**PROBLEM DESCRIPTION:** Copy the entries without a single change. Pictures should be dropped.
============
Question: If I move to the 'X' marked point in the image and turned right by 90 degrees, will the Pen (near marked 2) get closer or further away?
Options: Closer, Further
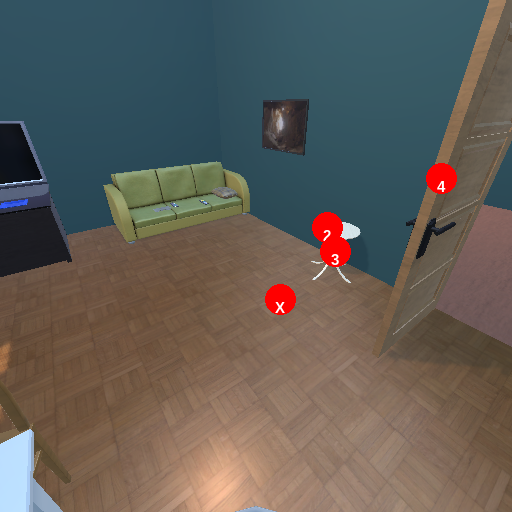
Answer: Closer
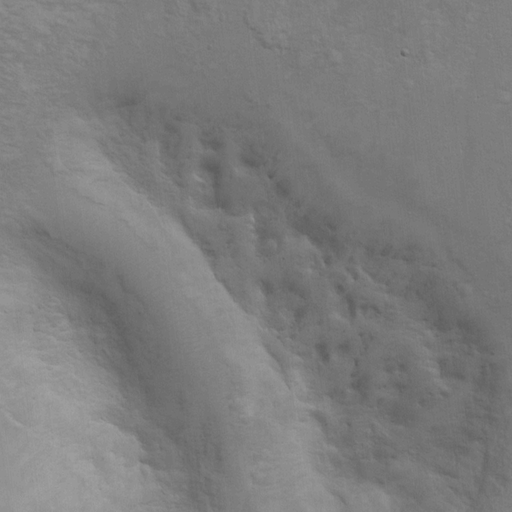
Objects detected: cone, cone
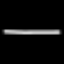
Label: line
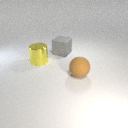
large yellow metal cylinder to the left of large brown rubber sphere
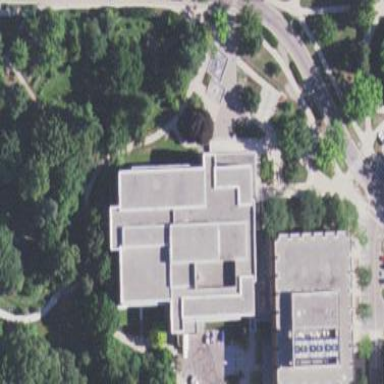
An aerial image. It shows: Building that serves as library.
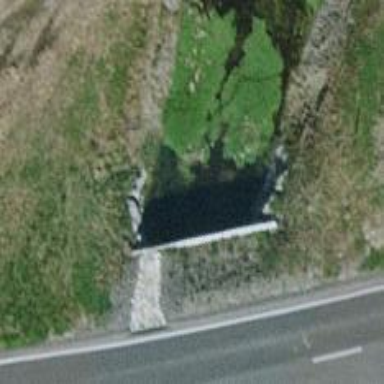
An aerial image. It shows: Ditch passing through tunnel.
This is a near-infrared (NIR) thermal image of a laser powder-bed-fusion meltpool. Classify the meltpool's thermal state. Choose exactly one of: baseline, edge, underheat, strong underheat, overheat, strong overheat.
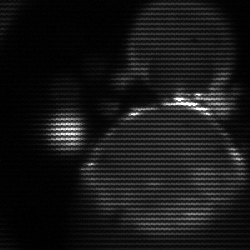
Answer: edge
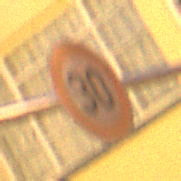
Verkehrszeichen: Geschwindigkeit30
Umgebung: Outdoor, Urban
Tageszeit: Night
Wetter: Clear
Licht: Artificial
Jahreszeit: NotSpecified
Kontrast: HighContrast
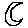
Label: moon
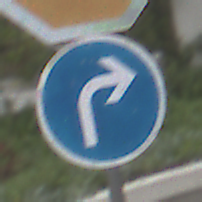
Verkehrszeichen: VorgeschriebeneFahrtrichtungRechts
Zusatzzeichen oben: Stop
Umgebung: Outdoor, Urban
Tageszeit: Midday
Wetter: Overcast
Licht: Natural
Jahreszeit: NotSpecified
Kontrast: LowContrast
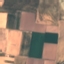
Land use / land cover class: AnnualCrop
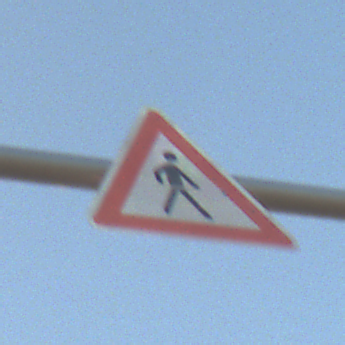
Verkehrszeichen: FussgaengerLinks
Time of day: SunriseSunset
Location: Outdoor (Nature)
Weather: PartlyCloudy
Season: NotSpecified
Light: Natural
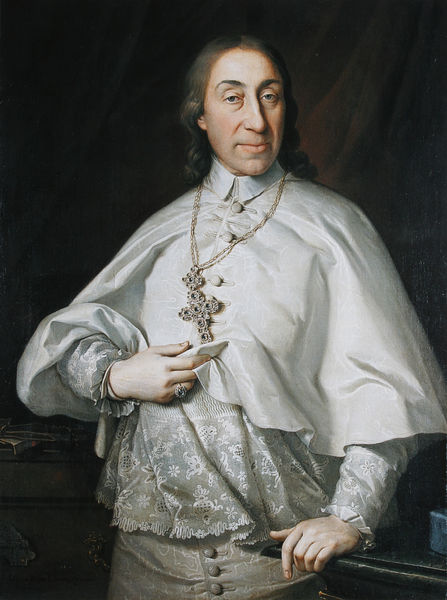
Titel: Bildnis Norbert II. von Spergs, Abt von Stift Wilten
Künstler: Johann Baptist d. Ä. Lampi
Standort: Mainz
Institution: Landesmuseum
Schlagwörter: dunkel, gemälde, hand, kopf, mann, schatten, umhang, weiß, blumen, braun, brust, finger, frankreich, frisur, grau, haar, hintergrund, licht, mund, nase, profil, raum, schmuck, schwarz, stirn, tisch, zimmer, blick, tuch, hemd, arm, arme, augen, blass, falten, gesicht, kleidung, kragen, mensch, samt, silber, spitze, stehen, ärmel, bildnis, herr, hände, portrait, porträt, vorhang, öl, kirche, geistlicher, gewand, gold, haare, kutte, lange haare, mantel, pose, reich, stehend, stoff, adel, saum, person, edelsteine, kinn, knopf, lippe, lippen, locken, ohren, seide, perücke, lächeln, seitlich, bücher, kommode, schrank, kette, farbe, ausdruck, erhaben, bischof, kaiser, könig, falte, ernst, glanz, pupillen, faltenwurf, rüschen, knöpfe, weste, ring, tischkante, stütze, buch, ringe, glaube, kreuz, religion, wei0, stehkragen, herrscher, kardinal, tischplatte, armband, pfarrer, hüfte, antik, aufgestützt, müde, reichtum, mobiliar, blickkontakt, adliger, volant, geknöpft, cape, ablage, beistelltisch, insignien, ornat, würdevoll, christ, schwary, kape, pellerine, albe, kleriker, pabst, bäuchlein, amr, richelieu, pape, tull, hosenknöpfe, mazarin, piviale, lange nase, kollar, ^weiß
============
**TASK SOLUTION:**
Question: If I move to the 'X' marked point in the image and turned right by 90 degrees, will the Pen (near marked 2) get closer or further away?
Options: Closer, Further
Answer: Closer
Objects detected: cone, cone
Label: line
large yellow metal cylinder to the left of large brown rubber sphere
An aerial image. It shows: Building that serves as library.
An aerial image. It shows: Ditch passing through tunnel.
This is a near-infrared (NIR) thermal image of a laser powder-bed-fusion meltpool. Classify the meltpool's thermal state. Choose exactly one of: baseline, edge, underheat, strong underheat, overheat, strong overheat.
Answer: edge
Verkehrszeichen: Geschwindigkeit30
Umgebung: Outdoor, Urban
Tageszeit: Night
Wetter: Clear
Licht: Artificial
Jahreszeit: NotSpecified
Kontrast: HighContrast
Label: moon
Verkehrszeichen: VorgeschriebeneFahrtrichtungRechts
Zusatzzeichen oben: Stop
Umgebung: Outdoor, Urban
Tageszeit: Midday
Wetter: Overcast
Licht: Natural
Jahreszeit: NotSpecified
Kontrast: LowContrast
Land use / land cover class: AnnualCrop
Verkehrszeichen: FussgaengerLinks
Time of day: SunriseSunset
Location: Outdoor (Nature)
Weather: PartlyCloudy
Season: NotSpecified
Light: Natural
Titel: Bildnis Norbert II. von Spergs, Abt von Stift Wilten
Künstler: Johann Baptist d. Ä. Lampi
Standort: Mainz
Institution: Landesmuseum
Schlagwörter: dunkel, gemälde, hand, kopf, mann, schatten, umhang, weiß, blumen, braun, brust, finger, frankreich, frisur, grau, haar, hintergrund, licht, mund, nase, profil, raum, schmuck, schwarz, stirn, tisch, zimmer, blick, tuch, hemd, arm, arme, augen, blass, falten, gesicht, kleidung, kragen, mensch, samt, silber, spitze, stehen, ärmel, bildnis, herr, hände, portrait, porträt, vorhang, öl, kirche, geistlicher, gewand, gold, haare, kutte, lange haare, mantel, pose, reich, stehend, stoff, adel, saum, person, edelsteine, kinn, knopf, lippe, lippen, locken, ohren, seide, perücke, lächeln, seitlich, bücher, kommode, schrank, kette, farbe, ausdruck, erhaben, bischof, kaiser, könig, falte, ernst, glanz, pupillen, faltenwurf, rüschen, knöpfe, weste, ring, tischkante, stütze, buch, ringe, glaube, kreuz, religion, wei0, stehkragen, herrscher, kardinal, tischplatte, armband, pfarrer, hüfte, antik, aufgestützt, müde, reichtum, mobiliar, blickkontakt, adliger, volant, geknöpft, cape, ablage, beistelltisch, insignien, ornat, würdevoll, christ, schwary, kape, pellerine, albe, kleriker, pabst, bäuchlein, amr, richelieu, pape, tull, hosenknöpfe, mazarin, piviale, lange nase, kollar, ^weiß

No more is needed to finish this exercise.